のんびりと更新する予定ですので、よろしくお願いします。

2020.09.17


プロローグ(1)

 地面に両足がつくと同時に、目の前の巨体は砂のように崩れていく。空中を漂っていた(おびただ)しい量の黒い粒は暖かな風に次々と乗り、空へと舞い上がっていった。

 

「終わった、よな……?」

 

 呟いたオレの声はしかしきちんと届いていたようで、後方から「ああ」という男の返事が聞こえてきた。「特に違和感はありませんので、終わりましたよ」という女性の声も続けて。

 

 ――終わったのか。そう実感したのはふたりの言葉があったからだ。

 

 約一年という時間だが、オレとしては長い旅立ったと思う。邪神討伐のためにオレを転移させた女神様により現代日本に帰れる道筋ができていたので、死ぬ気で頑張った。文字どおりに死ぬ気で。

 

 いやだってさ、明後日はバレンタインデーだったんだよ。チョコレートほしいじゃない。たとえ義理でもな! いやうん、本命なぞないことは大学生になったいまでも解るけれども、やっぱりバレンタインデーは特別なのだ。

 

 ああ、ようやく帰れると胸裡で安堵すれば、「あ……」という女性の――仲間のひとりたる聖女・ウィスタリカ――タリカの呟きが聞こえる。

 

「タリカ、どうかしたか?」

「ひ、光って……!」

「うん?」

 

 どこが光っているのかと辺りを見渡そうとすると、「お前が光っているんだ!」という男の――こちらも仲間のひとりである第三王子兼聖女の護衛・ユクセル――セルの大声が届いた。
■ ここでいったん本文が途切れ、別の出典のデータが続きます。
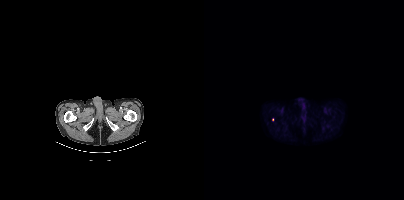
Left: CT. Right: PSMA PET, same axial level, 18F-PSMA tracer. Slice position z = -479 mm. Only PSMA-avid lesion pieces thinner than 2 px on this slice (not listed).
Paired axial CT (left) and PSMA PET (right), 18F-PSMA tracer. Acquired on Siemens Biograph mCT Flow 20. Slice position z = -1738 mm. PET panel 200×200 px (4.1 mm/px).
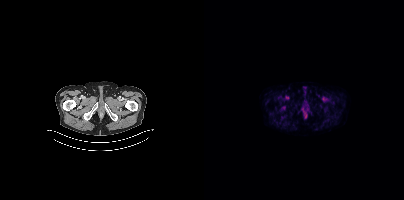
This slice has no annotated PSMA-avid lesion.
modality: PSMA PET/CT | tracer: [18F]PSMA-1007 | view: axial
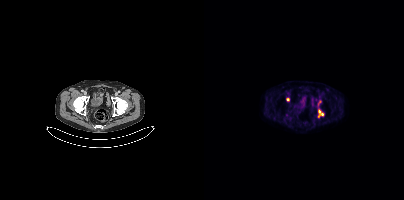
Coordinates are on the 200×200 PET (right) panel. PSMA-avid tumor lesion bounding boxes (x0,y0,x1,y1): [114,109,119,117]; [114,100,117,105]. Small PSMA-avid focus (2 to 4 px across) near (center x, center y): (83, 99).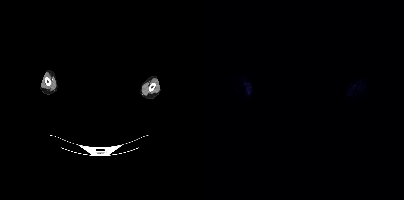
The face region was removed for patient privacy by blanking a rectangle over the head. Paired axial CT (left) and PSMA PET (right), 18F-PSMA tracer. Acquired on Siemens Biograph mCT Flow 20. Slice position z = -244 mm. PET panel 200×200 px (4.1 mm/px). No tumor lesions annotated on this slice.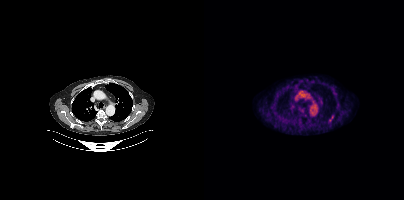
Technique: Two-panel axial: CT | PSMA PET, 18F-PSMA tracer. slice 317 of 429.
Findings: Coordinates are on the 200×200 PET (right) panel. PSMA-avid tumor lesion bounding box (x, y, width, height): x=126 y=116 w=4 h=5.

声を張り上げているというのにそれでも美形なのは、美形だからか。羨ましいなあ、本当に。いやいや、そうではなくて!

 

「おぉうっ!? なんだこれ――」

 

 横に逸らされそうな思考を慌てて戻して躯を見渡すと、確かに光輝いている。白い光がなぜか躯中を覆っていた。なんだよこれはという困惑ぎみな声を最後に、オレは意識を手離した。……のか? はっきりしていないから解らないが、驚きに目を見開いていたであろう男女を見た記憶もあるにはある。

 

 いや、いまだけは最後の記憶を探るよりも、もっと大事なことがあるだろう。いまいる場所は見たことがある場所なのだから。

 

 ――ここは女神様と出会った、「女神の間」と呼ばれる空間。その証拠に、目の前には女神様――超絶美人のスタイルがよい女性――がいる。銀髪碧眼の。朗らかな笑みを浮かべて。

 

「――女神様」

「はい。勇者・アリヒト。いえ、好川(よしかわ)有人(ありひと)さん。よく邪神を――私の妹を天界に帰していただきました。私の願いを叶えていただき、感謝します」

「いえいえ、そういう話でしたし。それに、女神様の計らいにより旅はスムーズでしたしね。お礼を言うのはオレの方ですよ」

「そうですか?」

「はい、もちろん」

 

 きょとんとする女神様に頷き返すと、女神様はまた朗らかに笑う。が――、いきなり頭を下げ出した。「申し訳ありません!」と勢いよく。

 

「んんっ!? えっ、どうされたんですか!?」

 

 なにか謝られるようなことをしたのかと考えるが、女神様に謝罪されるようなことをした覚えはない。異世界に拉致られたことはこの際なしだ。うん。ここで口を開いたら面倒なことになるから、心に留めておくだけだが。

 

「その、ですね……」

 

 恐る恐る顔を上げる女神様。上目遣いがとてつもなくかわいらしい。――ではなくて! 女神様の言葉をまとめると、現代日本に帰るための躯を失ったということだった。

 

 ――なんですって?

 

 聞き終えて絶句するオレはなにも間違っていないと思う。目前に佇む女神様が居心地を悪そうにしているだけで。

 

 ああ、うん、そうですね。まずは心を落ち着かせようか。ふうと息を吐き出すと同時に、これまでを振り替えることにする。もちろん、心を落ち着かせるためにね。